What is a Context Window?

The context window is an LLM’s short-term working memory, representing the maximum amount of information-measured in tokens-that it can process in a single interaction. This includes the input prompt, conversation history, system instructions, uploaded files, and even the output it generates.

A token is approximately three-quarters of an English word or four characters. For example, a ‘128k-token’ model can handle roughly 96,000 words, equivalent to a 300-page book, but this encompasses every element in the exchange, with tokens accumulating and billed per turn until trimmed or summarised.

Key Characteristics and Limitations

  • Total Scope: Encompasses prompt, history, instructions, and generated response-distinct from the model’s vast pre-training data.
  • Performance Degradation: As the window fills, LLMs may forget earlier details, repeat rejected ideas, or lose coherence, akin to human short-term memory limits.
  • Growth Trends: Early models had small windows; by mid-2023, 100,000 tokens became common, with models like Google’s Gemini now handling two million tokens (over 3,000 pages).

Implications for AI Applications

Larger context windows enable complex tasks like processing lengthy documents, debugging codebases, or analysing product reviews. However, models often prioritise prompt beginnings or ends, though recent advancements improve full-window coherence via expanded training data, optimised architectures, and scaled hardware.

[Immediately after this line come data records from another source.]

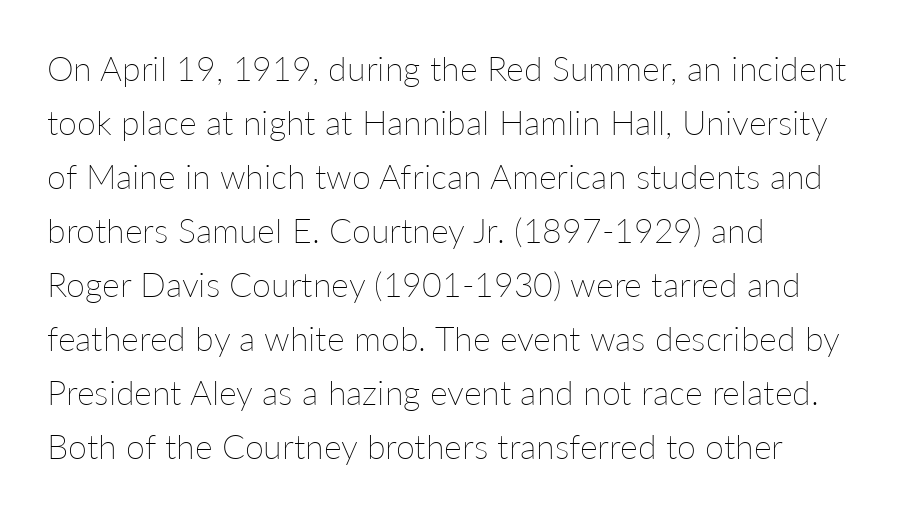
Q: Is the text bold? A: No.
Q: Is the text italic (slanted)? A: No, it is upright.
Q: Is the text underlined? A: No.
Q: How is the paragraph aligned? A: Left-aligned.
Q: Is the spacing between letters normal or unusually wide? A: Normal.
Q: Is the spacing between lines tight, normal or loose? A: Normal.
Q: Width (condensed, normal, or wide)? A: Normal.
Q: Stroke contrast? A: Low.
Q: x-height? A: Medium.
Q: Monospaced? A: No.

When limits are hit, strategies include chunking documents, summarising history, or using external memory like scratchpads-persisting notes outside the window for agents to retrieve.

Best Related Strategy Theorist: Andrej Karpathy

Andrej Karpathy is the foremost theorist linking context windows to strategic AI engineering, famously likening LLMs to operating systems where the model acts as the CPU and the context window as RAM-limited working memory requiring careful curation.

Born in 1986 in Slovakia, Karpathy earned a PhD in computer vision from the University of Toronto under Geoffrey Hinton, a ‘Godfather of AI’. He pioneered recurrent neural networks (RNNs) for sequence modelling, foundational to memory in early language models. At OpenAI (2015-2017), he contributed to real-time language translation; at Tesla (2017-2022), he led Autopilot vision, advancing neural nets for autonomous driving.

Now founder of Eureka Labs (AI education) and former OpenAI employee, Karpathy popularised the context window analogy in lectures and blogs, emphasising ‘context engineering’-optimising inputs like an OS manages RAM. His insights guide agent design, advocating scratchpads and external memory to extend effective capacity, directly influencing frameworks like LangChain and Anthropic’s tools.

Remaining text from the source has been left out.